Dataset records
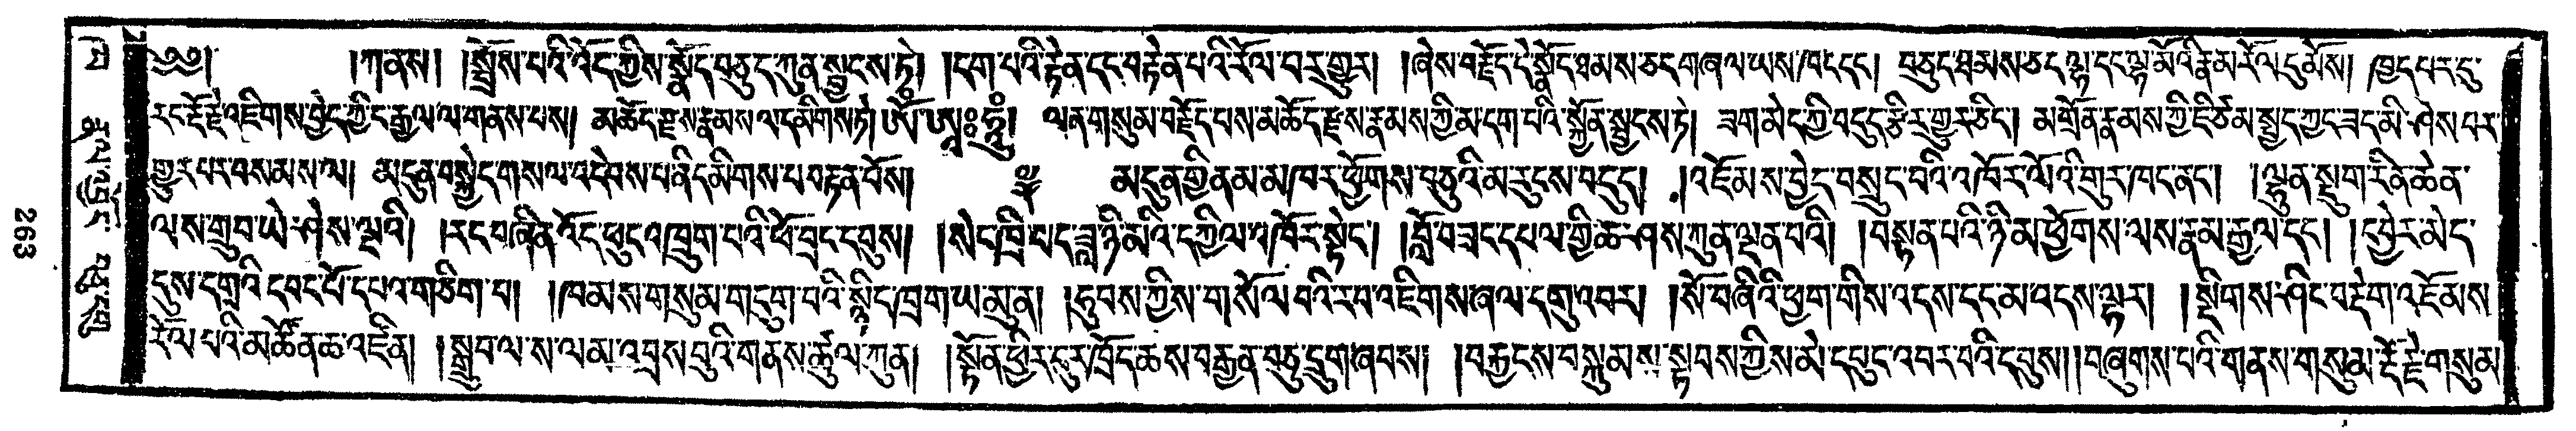༄༅། །ཀ་ནས། །སྦྲོས་པའི་འོད་ཀྱིས་སྣོད་བཅུད་ཀུན་སྦྱངས་ཏེ། །དག་པའི་རྟེན་དང་བརྟེན་པའི་རོལ་བར་གྱུར། །ཞེས་བརྗོད་དེ་སྣོད་ཐམས་ཅད་གཞལ་ཡས་ཁང་དང་། བཅུད་ཐམས་ཅད་ལྷ་དང་ལྷ་མོའི་རྣམ་རོལ་དུ་མོས། ཁྱད་པར་དུ་
རང་རྡོ་རྗེ་འཇིགས་བྱེད་ཀྱི་ང་རྒྱལ་ལ་གནས་པས། མཆོད་རྫས་རྣམས་ལ་དམིགས་ཏེ། ཨོཾ་ཨཱཿ ཧཱུཾ། ལན་གསུམ་བརྗོད་པས་མཆོད་རྫས་རྣམས་ཀྱི་མ་དག་པའི་སྐྱོན་སྦྱངས་ཏེ། ཟག་མེད་ཀྱི་བདུད་རྩིར་གྱུར་ཅིང་། མགྲོན་རྣམས་ཀྱི་ཇི་ཙམ་སྤྱད་ཀྱང་ཟད་མི་ཤེས་པར་
གྱུར་པར་བསམས་ལ། མདུན་བསྐྱེད་གསལ་འདེབས་པ་ནི་དམིགས་པ་བརྟན་བོས། ༈ མདུན་གྱི་ནམ་མཁར་ཕྱོགས་བཅུའི་མ་རུངས་བདུད། །འཇོམས་བྱེད་བསྲུང་བའི་འཁོར་ལོའི་གུར་ཁང་ནང་། །ལྷུན་སྡུག་རིན་ཆེན་
ལས་གྲུབ་ཡེ་ཤེས་ལྔའི། །རང་བཞིན་འོད་ཕུང་འཁྲུག་པའི་ཕོ་བྲང་དབུས། །སེང་ཁྲི་པད་ཟླ་ཉི་མའི་དཀྱིལ་འཁོར་སྟེང་། །བློ་བཟང་དཔལ་གྱི་ཆ་ཤས་ཀུན་ལྡན་པའི། །བསྟན་པའི་ཉི་མ་ཕྱོགས་ལས་རྣམ་རྒྱལ་དང་། །དབྱེར་མེད་
དུས་དགྲའི་དབང་པོ་དཔའ་གཅིག་པ། །ཁམས་གསུམ་གདུག་པའི་སྙིང་ཁྲག་ཡ་མུ་ན། །ཧུབས་ཀྱིས་གསོལ་བའི་རབ་འཇིགས་ཞལ་དགུ་འབར། །སོ་བཞིའི་ཕྱག་གིས་འདས་དང་མ་འདས་ལྷར། །སྡིགས་ཤིང་བརྡེག་འཇོམས་
རོལ་པའི་མཚོན་ཆ་འཛིན། །སྒྲུབ་ལ་ས་ལམ་འབྲས་བུའི་གནས་ཚུལ་ཀུན། །སྟོན་ཕྱིར་དུར་ཁྲོད་ཆས་བརྒྱན་བཅུ་དྲུག་ཞབས། །བརྐྱངས་བསྐུམས་སྟབས་ཀྱིས་མེ་དཔུང་འབར་བའི་དབུས། །བཞུགས་པའི་གནས་གསུམ་རྡོ་རྗེ་གསུམ་
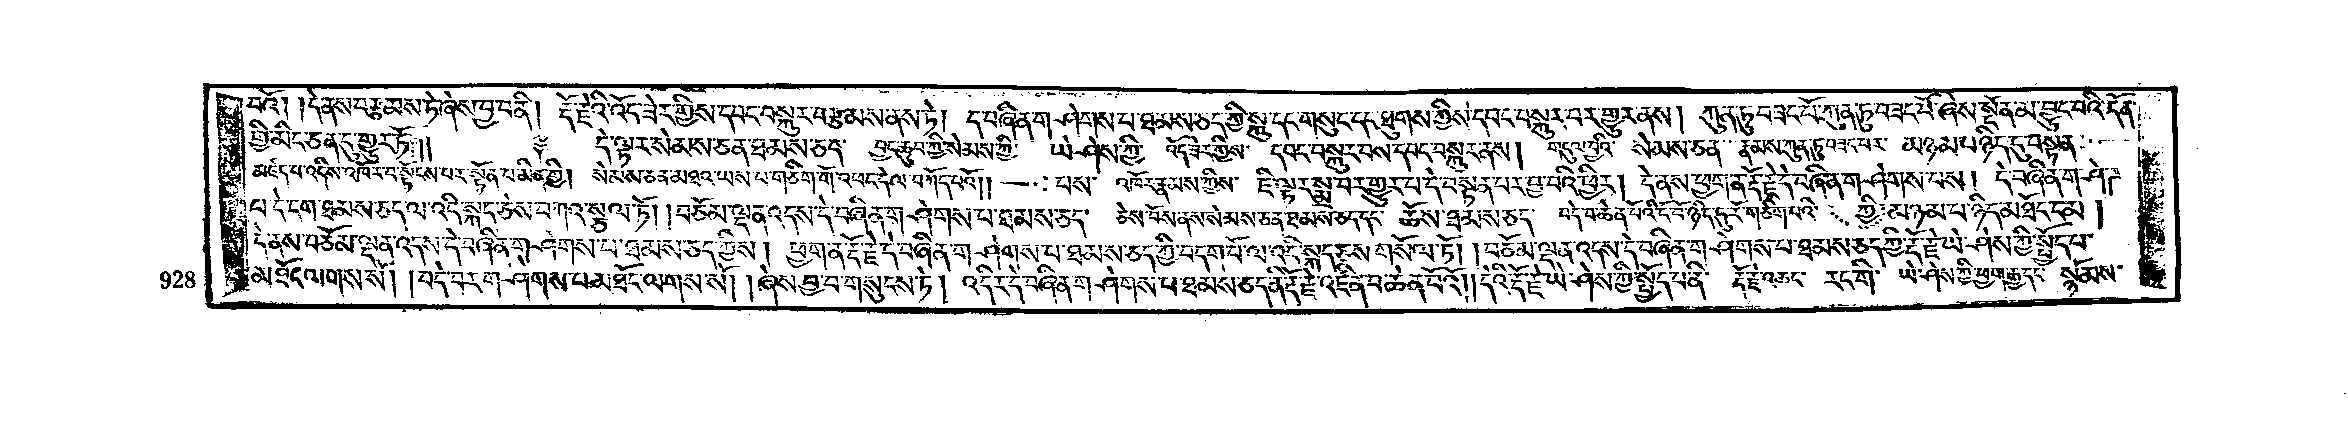བའོ། །དེ་ནས་བརྩམས་ཏེ་ཞེས་བྱ་བ་ནི། རྡོ་རྗེའི་འོད་ཟེར་གྱིས་དབང་བསྐུར་བརྩམས་ནས་ཏེ། དེ་བཞིན་གཤེགས་པ་ཐམས་ཅད་ཀྱི་སྐུ་དང་གསུང་དང་ཐུགས་ཀྱིས་དབང་བསྐུར་བར་གྱུར་ནས། ཀུན་ཏུ་བཟང་པོ་ཀུན་ཏུ་བཟང་པོ་ཞེས་སྔོན་མ་བྱུང་བའི་དོན་
གྱི་མིང་ཅན་དུ་གྱུར་ཏོ།། ༈ དེ་ལྟར་སེམས་ཅན་ཐམས་ཅད་བྱང་ཆུབ་ཀྱི་སེམས་ཀྱི་ཡེ་ཤེས་ཀྱི་འོད་ཟེར་གྱིས་དབང་བསྐུར་བས་དབང་བསྐུར་ནས། གདུལ་བྱའི་སེམས་ཅན་རྣམས་ཀུན་ཏུ་བཟང་པོར་མཉམ་པ་ཉིད་དུ་བསྟནཿ
མཛད་པ་འདིས་འཁོར་བ་སྟོངས་པར་སྟོན་པ་མིན་གྱི། སེམས་ཅན་མཐའ་ཡས་པ་གཅིག་གོ་འཕང་དེ་ལ་བཀོད་པའོ།།  .Hཔས་འཁོར་རྣམས་ཀྱིས་ཇི་ལྟར་སྨྲ་བར་གྱུར་པ་དེ་བསྟན་པར་བྱ་བའི་ཕྱིར། དེ་ནས་ཕྱག་ན་རྡོ་རྗེ་དེ་བཞིན་གཤེགས་པས། དེ་བཞིན་གཤེགས་
པ་དེ་དག་ཐམས་ཅད་ལ་འདི་སྐད་ཅེས་བཀའ་སྩལ་ཏོ། །བཅོམ་ལྡན་འདས་དེ་བཞིན་གཤེགས་པ་ཐམས་ཅད་ཅེས་བོས་ནས་སེམས་ཅན་ཐམས་ཅད་དང་ཆོས་ཐམས་ཅད་བདེ་བ་ཆེན་པོའི་ངོ་བོ་ཉིད་དུ་རོ་གཅིག་པའི་ཀྱི་མཉམ་པ་ཉིད་མཐོང་ངམ་།
དེ་ནས་བཅོམ་ལྡན་འདས་དེ་བཞིན་གཤེགས་པ་ཐམས་ཅད་ཀྱིས། ཕྱག་ན་རྡོ་རྗེ་དེ་བཞིན་གཤེགས་པ་ཐམས་ཅད་ཀྱི་བདག་པོ་ལ་འདི་སྐད་ཅས་གསོལ་ཏོ། །བཅོམ་ལྡན་འདས་དེ་བཞིན་གཤེགས་པ་ཐམས་ཅད་ཀྱི་རྡོ་རྗེ་ཡེ་ཤེས་ཀྱི་སྤྱོད་པ་
མཐོང་ལགས་སོ། །བདེ་བར་གཤེགས་པ་མཐོང་ལགས་སོ། །ཞེས་བྱ་བ་གསུངས་ཏེ། འདིར་དེ་བཞིན་གཤེགས་པ་ཐམས་ཅད་ནི་རྡོ་རྗེ་འཛིན་པ་ཆེན་པོའོ། །དེའི་རྡོ་རྗེ་ཡེ་ཤེས་ཀྱི་སྤྱོད་པ་ནི་རྡོ་རྗེ་འཆང་རང་གི་ཡེ་ཤེས་ཀྱི་ཕྱག་རྒྱ་དང་སྙོམས་
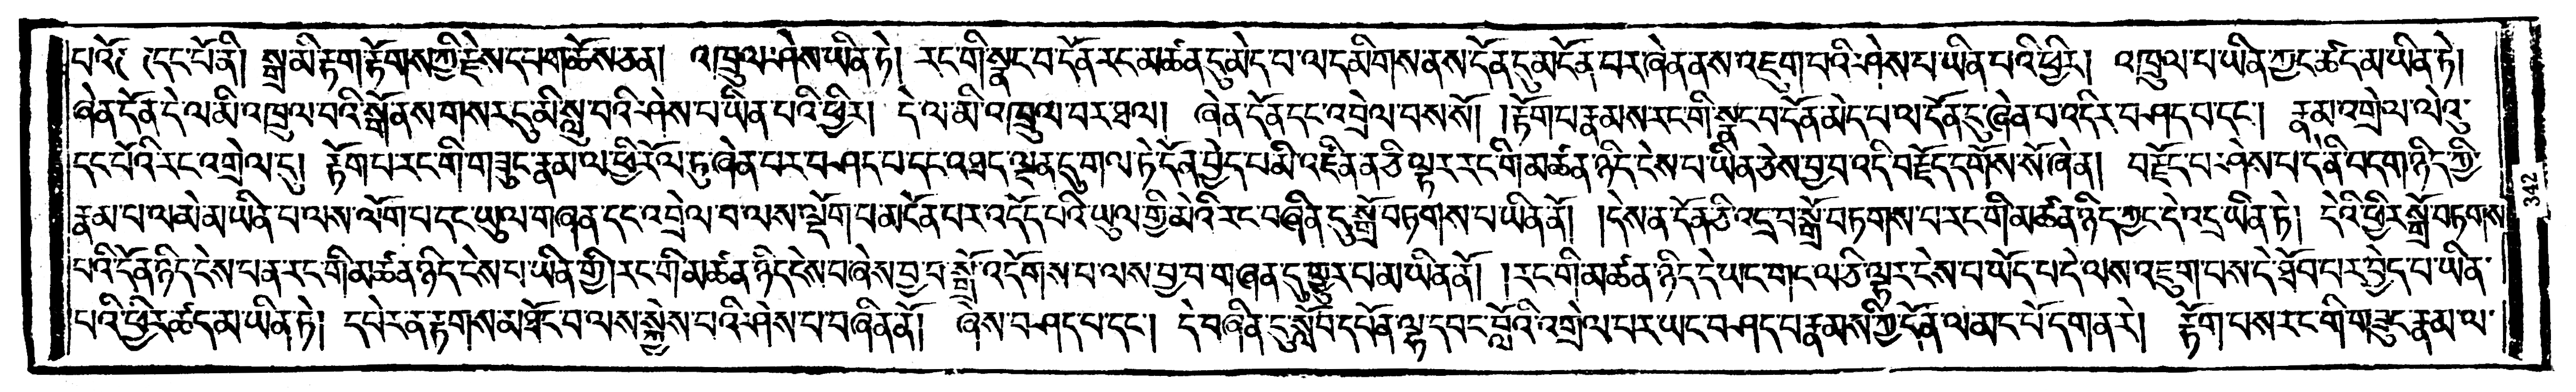པའོ། །དང་པོ་ནི། སྒྲ་མི་རྟག་རྟོགས་ཀྱི་རྗེས་དཔག་ཆོས་ཅན། འཁྲུལ་ཤེས་ཡིན་ཏེ། རང་གི་སྣང་བ་དོན་རང་མཚན་དུ་མེད་པ་ལ་དམིགས་ནས་དོན་དུ་མངོན་པར་ཞེན་ནས་འཇུག་པའི་ཤེས་པ་ཡིན་པའི་ཕྱིར། འཁྲུལ་པ་ཡིན་ཀྱང་ཚད་མ་ཡིན་ཏེ།
ཞེན་དོན་དེ་ལ་མི་འཁྲུལ་བའི་སྒོ་ནས་གསར་དུ་མི་སླུ་བའི་ཤེས་པ་ཡིན་པའི་ཕྱིར། དེ་ལ་མི་འཁྲུལ་བར་ཐལ། ཞེན་དོན་དང་འབྲེལ་བས་སོ། །རྟོག་པ་རྣམས་རང་གི་སྣང་བ་དོན་མེད་པ་ལ་དོན་དུ་ཞེན་པ་འདིར་བཤད་པ་དང་། རྣམ་འགྲེལ་ལེའུ་
དང་པོའི་རང་འགྲེལ་དུ། རྟོག་པ་རང་གི་གཟུང་རྣམ་ལ་ཕྱི་རོལ་ཏུ་ཞེན་པར་བཤད་པ་དང་འཐད་ལྡན་དུ་གལ་ཏེ་དོན་བྱེད་པ་མི་འཛིན་ན་ཅི་ལྟར་རང་གི་མཚན་ཉིད་ངེས་པ་ཡིན་ཅེས་བྱ་བ་འདི་བརྗོད་དགོས་སོ་ཞེ་ན། བརྗོད་པ་ཞེས་པ་དེ་ནི་བདག་ཉིད་ཀྱི་
རྣམ་པ་ལ་མི་མ་ཡིན་པ་ལས་ལོག་པ་དང་ཡུལ་གཞན་དང་འབྲེལ་བ་ལས་ལྡོག་པ་མངོན་པར་འདོད་པའི་ཡུལ་གྱི་མེའི་རང་བཞིན་དུ་སྒྲོ་བཏགས་པ་ཡིན་ནོ། །དེས་ན་དོན་ཅི་འདྲ་བ་སྒྲོ་བཏགས་པ་རང་གི་མཚན་ཉིད་ཀྱང་དེ་འདྲ་ཡིན་ཏེ། དེའི་ཕྱིར་སྒྲོ་བཏགས་
པའི་དོན་ཉིད་ངེས་པ་ན་རང་གི་མཚན་ཉིད་ངེས་པ་ཡིན་གྱི། རང་གི་མཚན་ཉིད་ངེས་པ་ཞེས་བྱ་བ་སྒྲོ་འདོགས་པ་ལས་བྱ་བ་གཞན་དུ་གྱུར་བ་མ་ཡིན་ནོ། །རང་གི་མཚན་ཉིད་དེ་ཡང་གང་ལ་ཅི་ལྟར་ངེས་པ་ཡོད་པ་དེ་ལས་འཇུག་པས་དེ་ཐོབ་པར་བྱེད་པ་ཡིན་
པའི་ཕྱིར་ཚད་མ་ཡིན་ཏེ། དཔེར་ན་རྟགས་མཐོང་བ་ལས་སྐྱེས་པའི་ཤེས་པ་བཞིན་ནོ། ཞེས་བཤད་པ་དང་། དེ་བཞིན་དུ་སློབ་དཔོན་ལྷ་དབང་བློའི་འགྲེལ་པར་ཡང་བཤད་པ་རྣམས་ཀྱི་དོན་ལ་མང་པོ་དག་ན་རེ། རྟོག་པས་རང་གི་གཟུང་རྣམ་ལ་

*What you have to do:* Each line above that falls between the line with "མཐོང་ལགས་སོ། །བདེ་བར་གཤེགས་པ་མཐོང་ལགས་སོ། །ཞེས་བྱ་བ་གསུངས་ཏེ།" and the line with "པའོ། །དང་པོ་ནི། སྒྲ་མི་རྟག་རྟོགས་ཀྱི་རྗེས་དཔག་ཆོས་ཅན།" should be printed exactly, together with those two lines, but the pictures should not.

*Response:*
མཐོང་ལགས་སོ། །བདེ་བར་གཤེགས་པ་མཐོང་ལགས་སོ། །ཞེས་བྱ་བ་གསུངས་ཏེ། འདིར་དེ་བཞིན་གཤེགས་པ་ཐམས་ཅད་ནི་རྡོ་རྗེ་འཛིན་པ་ཆེན་པོའོ། །དེའི་རྡོ་རྗེ་ཡེ་ཤེས་ཀྱི་སྤྱོད་པ་ནི་རྡོ་རྗེ་འཆང་རང་གི་ཡེ་ཤེས་ཀྱི་ཕྱག་རྒྱ་དང་སྙོམས་
པའོ། །དང་པོ་ནི། སྒྲ་མི་རྟག་རྟོགས་ཀྱི་རྗེས་དཔག་ཆོས་ཅན། འཁྲུལ་ཤེས་ཡིན་ཏེ། རང་གི་སྣང་བ་དོན་རང་མཚན་དུ་མེད་པ་ལ་དམིགས་ནས་དོན་དུ་མངོན་པར་ཞེན་ནས་འཇུག་པའི་ཤེས་པ་ཡིན་པའི་ཕྱིར། འཁྲུལ་པ་ཡིན་ཀྱང་ཚད་མ་ཡིན་ཏེ།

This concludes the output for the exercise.